Try it: Would you please transcribe, exactly as written, the lines of the entries below starting at the one that holds "#17460=DIRECTION('',(1.,0.,0.));" and ending at the one that holds "#21875=CARTESIAN_POINT('',(-10.85,3.25,6.5));", both included?

Saved entries:
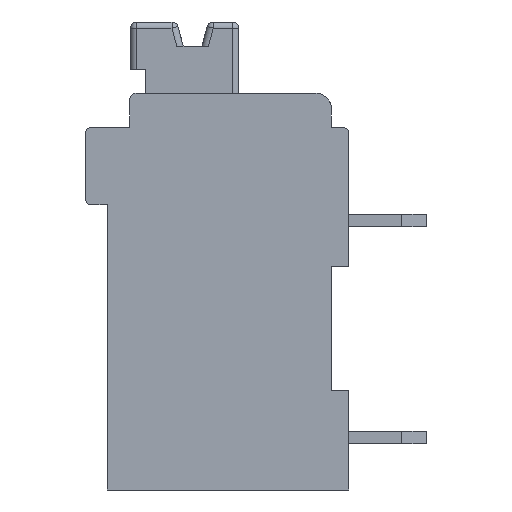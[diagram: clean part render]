
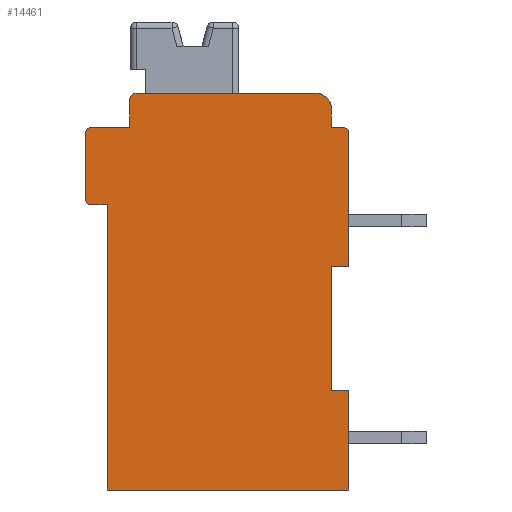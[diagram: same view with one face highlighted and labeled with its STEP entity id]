
A CAD part, left-side view. The second image highlights one B-rep face of the part: STEP entity #14461.
In plain terms, the highlighted planar face has unit normal (-1, 0, 0).
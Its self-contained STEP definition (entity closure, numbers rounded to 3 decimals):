
#358=PLANE('',#15356);
#835=CIRCLE('',#15316,0.5);
#837=CIRCLE('',#15320,0.2);
#857=CIRCLE('',#15357,0.2);
#858=CIRCLE('',#15358,0.2);
#859=CIRCLE('',#15359,0.2);
#2186=ORIENTED_EDGE('',*,*,#6260,.F.);
#2187=ORIENTED_EDGE('',*,*,#6174,.T.);
#2188=ORIENTED_EDGE('',*,*,#6169,.F.);
#2189=ORIENTED_EDGE('',*,*,#6181,.T.);
#2190=ORIENTED_EDGE('',*,*,#6179,.F.);
#2191=ORIENTED_EDGE('',*,*,#6225,.F.);
#2192=ORIENTED_EDGE('',*,*,#6312,.T.);
#2193=ORIENTED_EDGE('',*,*,#6217,.F.);
#2194=ORIENTED_EDGE('',*,*,#6313,.T.);
#2195=ORIENTED_EDGE('',*,*,#6214,.F.);
#2196=ORIENTED_EDGE('',*,*,#5617,.F.);
#2197=ORIENTED_EDGE('',*,*,#6199,.F.);
#2198=ORIENTED_EDGE('',*,*,#6207,.F.);
#2199=ORIENTED_EDGE('',*,*,#6213,.F.);
#2200=ORIENTED_EDGE('',*,*,#6289,.F.);
#2201=ORIENTED_EDGE('',*,*,#6209,.F.);
#2202=ORIENTED_EDGE('',*,*,#5636,.F.);
#2203=ORIENTED_EDGE('',*,*,#6314,.T.);
#2204=ORIENTED_EDGE('',*,*,#6261,.F.);
#5617=EDGE_CURVE('',#7772,#7773,#9150,.T.);
#5636=EDGE_CURVE('',#7784,#7785,#9169,.T.);
#6169=EDGE_CURVE('',#8235,#8236,#9668,.T.);
#6174=EDGE_CURVE('',#8240,#8236,#835,.F.);
#6179=EDGE_CURVE('',#8244,#8241,#9675,.T.);
#6181=EDGE_CURVE('',#8235,#8241,#837,.F.);
#6199=EDGE_CURVE('',#8258,#7772,#9693,.T.);
#6207=EDGE_CURVE('',#8263,#8258,#9701,.T.);
#6209=EDGE_CURVE('',#7785,#8265,#9703,.T.);
#6213=EDGE_CURVE('',#8267,#8263,#9707,.T.);
#6214=EDGE_CURVE('',#7773,#8268,#9708,.T.);
#6217=EDGE_CURVE('',#8269,#8270,#9711,.T.);
#6225=EDGE_CURVE('',#8273,#8244,#9716,.T.);
#6260=EDGE_CURVE('',#8240,#8291,#9735,.T.);
#6261=EDGE_CURVE('',#8291,#8292,#9736,.T.);
#6289=EDGE_CURVE('',#8265,#8267,#9764,.T.);
#6312=EDGE_CURVE('',#8273,#8270,#857,.F.);
#6313=EDGE_CURVE('',#8269,#8268,#858,.F.);
#6314=EDGE_CURVE('',#7784,#8292,#859,.F.);
#7772=VERTEX_POINT('',#20617);
#7773=VERTEX_POINT('',#20619);
#7784=VERTEX_POINT('',#20652);
#7785=VERTEX_POINT('',#20654);
#8235=VERTEX_POINT('',#21760);
#8236=VERTEX_POINT('',#21762);
#8240=VERTEX_POINT('',#21776);
#8241=VERTEX_POINT('',#21780);
#8244=VERTEX_POINT('',#21785);
#8258=VERTEX_POINT('',#21825);
#8263=VERTEX_POINT('',#21841);
#8265=VERTEX_POINT('',#21847);
#8267=VERTEX_POINT('',#21853);
#8268=VERTEX_POINT('',#21857);
#8269=VERTEX_POINT('',#21861);
#8270=VERTEX_POINT('',#21863);
#8273=VERTEX_POINT('',#21874);
#8291=VERTEX_POINT('',#21927);
#8292=VERTEX_POINT('',#21932);
#9150=LINE('',#20618,#10938);
#9169=LINE('',#20653,#10957);
#9668=LINE('',#21761,#11456);
#9675=LINE('',#21786,#11463);
#9693=LINE('',#21826,#11481);
#9701=LINE('',#21842,#11489);
#9703=LINE('',#21846,#11491);
#9707=LINE('',#21854,#11495);
#9708=LINE('',#21856,#11496);
#9711=LINE('',#21862,#11499);
#9716=LINE('',#21875,#11504);
#9735=LINE('',#21929,#11523);
#9736=LINE('',#21931,#11524);
#9764=LINE('',#21975,#11552);
#10938=VECTOR('',#16487,1000.);
#10957=VECTOR('',#16514,1000.);
#11456=VECTOR('',#17257,1000.);
#11463=VECTOR('',#17272,1000.);
#11481=VECTOR('',#17306,1000.);
#11489=VECTOR('',#17320,1000.);
#11491=VECTOR('',#17324,1000.);
#11495=VECTOR('',#17330,1000.);
#11496=VECTOR('',#17333,1000.);
#11499=VECTOR('',#17338,1000.);
#11504=VECTOR('',#17351,1000.);
#11523=VECTOR('',#17404,1000.);
#11524=VECTOR('',#17407,1000.);
#11552=VECTOR('',#17437,1000.);
#12721=EDGE_LOOP('',(#2186,#2187,#2188,#2189,#2190,#2191,#2192,#2193,#2194,
#2195,#2196,#2197,#2198,#2199,#2200,#2201,#2202,#2203,#2204));
#13513=FACE_BOUND('',#12721,.T.);
#14461=ADVANCED_FACE('',(#13513),#358,.F.);
#15316=AXIS2_PLACEMENT_3D('',#21775,#17264,#17265);
#15320=AXIS2_PLACEMENT_3D('',#21789,#17277,#17278);
#15356=AXIS2_PLACEMENT_3D('',#22008,#17460,#17461);
#15357=AXIS2_PLACEMENT_3D('',#22009,#17462,#17463);
#15358=AXIS2_PLACEMENT_3D('',#22010,#17464,#17465);
#15359=AXIS2_PLACEMENT_3D('',#22011,#17466,#17467);
#16487=DIRECTION('',(0.,0.,1.));
#16514=DIRECTION('',(0.,0.,-1.));
#17257=DIRECTION('',(0.,-1.,0.));
#17264=DIRECTION('',(1.,0.,0.));
#17265=DIRECTION('',(0.,0.,-1.));
#17272=DIRECTION('',(0.,0.,1.));
#17277=DIRECTION('',(1.,0.,0.));
#17278=DIRECTION('',(0.,0.,-1.));
#17306=DIRECTION('',(0.,1.,0.));
#17320=DIRECTION('',(0.,0.,-1.));
#17324=DIRECTION('',(0.,1.,0.));
#17330=DIRECTION('',(0.,-1.,0.));
#17333=DIRECTION('',(0.,1.,0.));
#17338=DIRECTION('',(0.,0.,1.));
#17351=DIRECTION('',(0.,-1.,0.));
#17404=DIRECTION('',(0.,0.,-1.));
#17407=DIRECTION('',(0.,-1.,0.));
#17437=DIRECTION('',(0.,0.,-1.));
#17460=DIRECTION('',(1.,0.,0.));
#17461=DIRECTION('',(0.,0.,-1.));
#17462=DIRECTION('',(1.,0.,0.));
#17463=DIRECTION('',(0.,0.,-1.));
#17464=DIRECTION('',(1.,0.,0.));
#17465=DIRECTION('',(0.,0.,-1.));
#17466=DIRECTION('',(1.,0.,0.));
#17467=DIRECTION('',(0.,0.,-1.));
#20617=CARTESIAN_POINT('',(-10.85,3.98,-5.2));
#20618=CARTESIAN_POINT('',(-10.85,3.98,4.));
#20619=CARTESIAN_POINT('',(-10.85,3.98,4.));
#20652=CARTESIAN_POINT('',(-10.85,-3.82,6.3));
#20653=CARTESIAN_POINT('',(-10.85,-3.82,6.5));
#20654=CARTESIAN_POINT('',(-10.85,-3.82,2.));
#21760=CARTESIAN_POINT('',(-10.85,3.05,7.6));
#21761=CARTESIAN_POINT('',(-10.85,3.25,7.6));
#21762=CARTESIAN_POINT('',(-10.85,-2.75,7.6));
#21775=CARTESIAN_POINT('',(-10.85,-2.75,7.1));
#21776=CARTESIAN_POINT('',(-10.85,-3.25,7.1));
#21780=CARTESIAN_POINT('',(-10.85,3.25,7.4));
#21785=CARTESIAN_POINT('',(-10.85,3.25,6.5));
#21786=CARTESIAN_POINT('',(-10.85,3.25,7.6));
#21789=CARTESIAN_POINT('',(-10.85,3.05,7.4));
#21825=CARTESIAN_POINT('',(-10.85,-3.82,-5.2));
#21826=CARTESIAN_POINT('',(-10.85,-3.82,-5.2));
#21841=CARTESIAN_POINT('',(-10.85,-3.82,-2.));
#21842=CARTESIAN_POINT('',(-10.85,-3.82,-2.));
#21846=CARTESIAN_POINT('',(-10.85,-3.82,2.));
#21847=CARTESIAN_POINT('',(-10.85,-3.25,2.));
#21853=CARTESIAN_POINT('',(-10.85,-3.25,-2.));
#21854=CARTESIAN_POINT('',(-10.85,-3.25,-2.));
#21856=CARTESIAN_POINT('',(-10.85,4.68,4.));
#21857=CARTESIAN_POINT('',(-10.85,4.48,4.));
#21861=CARTESIAN_POINT('',(-10.85,4.68,4.2));
#21862=CARTESIAN_POINT('',(-10.85,4.68,4.));
#21863=CARTESIAN_POINT('',(-10.85,4.68,6.3));
#21874=CARTESIAN_POINT('',(-10.85,4.48,6.5));
#21875=CARTESIAN_POINT('',(-10.85,3.25,6.5));
#21927=CARTESIAN_POINT('',(-10.85,-3.25,6.5));
#21929=CARTESIAN_POINT('',(-10.85,-3.25,6.5));
#21931=CARTESIAN_POINT('',(-10.85,-3.82,6.5));
#21932=CARTESIAN_POINT('',(-10.85,-3.62,6.5));
#21975=CARTESIAN_POINT('',(-10.85,-3.25,2.));
#22008=CARTESIAN_POINT('',(-10.85,0.,0.));
#22009=CARTESIAN_POINT('',(-10.85,4.48,6.3));
#22010=CARTESIAN_POINT('',(-10.85,4.48,4.2));
#22011=CARTESIAN_POINT('',(-10.85,-3.62,6.3));

Solution for this exercise:
#17460=DIRECTION('',(1.,0.,0.));
#17461=DIRECTION('',(0.,0.,-1.));
#17462=DIRECTION('',(1.,0.,0.));
#17463=DIRECTION('',(0.,0.,-1.));
#17464=DIRECTION('',(1.,0.,0.));
#17465=DIRECTION('',(0.,0.,-1.));
#17466=DIRECTION('',(1.,0.,0.));
#17467=DIRECTION('',(0.,0.,-1.));
#20617=CARTESIAN_POINT('',(-10.85,3.98,-5.2));
#20618=CARTESIAN_POINT('',(-10.85,3.98,4.));
#20619=CARTESIAN_POINT('',(-10.85,3.98,4.));
#20652=CARTESIAN_POINT('',(-10.85,-3.82,6.3));
#20653=CARTESIAN_POINT('',(-10.85,-3.82,6.5));
#20654=CARTESIAN_POINT('',(-10.85,-3.82,2.));
#21760=CARTESIAN_POINT('',(-10.85,3.05,7.6));
#21761=CARTESIAN_POINT('',(-10.85,3.25,7.6));
#21762=CARTESIAN_POINT('',(-10.85,-2.75,7.6));
#21775=CARTESIAN_POINT('',(-10.85,-2.75,7.1));
#21776=CARTESIAN_POINT('',(-10.85,-3.25,7.1));
#21780=CARTESIAN_POINT('',(-10.85,3.25,7.4));
#21785=CARTESIAN_POINT('',(-10.85,3.25,6.5));
#21786=CARTESIAN_POINT('',(-10.85,3.25,7.6));
#21789=CARTESIAN_POINT('',(-10.85,3.05,7.4));
#21825=CARTESIAN_POINT('',(-10.85,-3.82,-5.2));
#21826=CARTESIAN_POINT('',(-10.85,-3.82,-5.2));
#21841=CARTESIAN_POINT('',(-10.85,-3.82,-2.));
#21842=CARTESIAN_POINT('',(-10.85,-3.82,-2.));
#21846=CARTESIAN_POINT('',(-10.85,-3.82,2.));
#21847=CARTESIAN_POINT('',(-10.85,-3.25,2.));
#21853=CARTESIAN_POINT('',(-10.85,-3.25,-2.));
#21854=CARTESIAN_POINT('',(-10.85,-3.25,-2.));
#21856=CARTESIAN_POINT('',(-10.85,4.68,4.));
#21857=CARTESIAN_POINT('',(-10.85,4.48,4.));
#21861=CARTESIAN_POINT('',(-10.85,4.68,4.2));
#21862=CARTESIAN_POINT('',(-10.85,4.68,4.));
#21863=CARTESIAN_POINT('',(-10.85,4.68,6.3));
#21874=CARTESIAN_POINT('',(-10.85,4.48,6.5));
#21875=CARTESIAN_POINT('',(-10.85,3.25,6.5));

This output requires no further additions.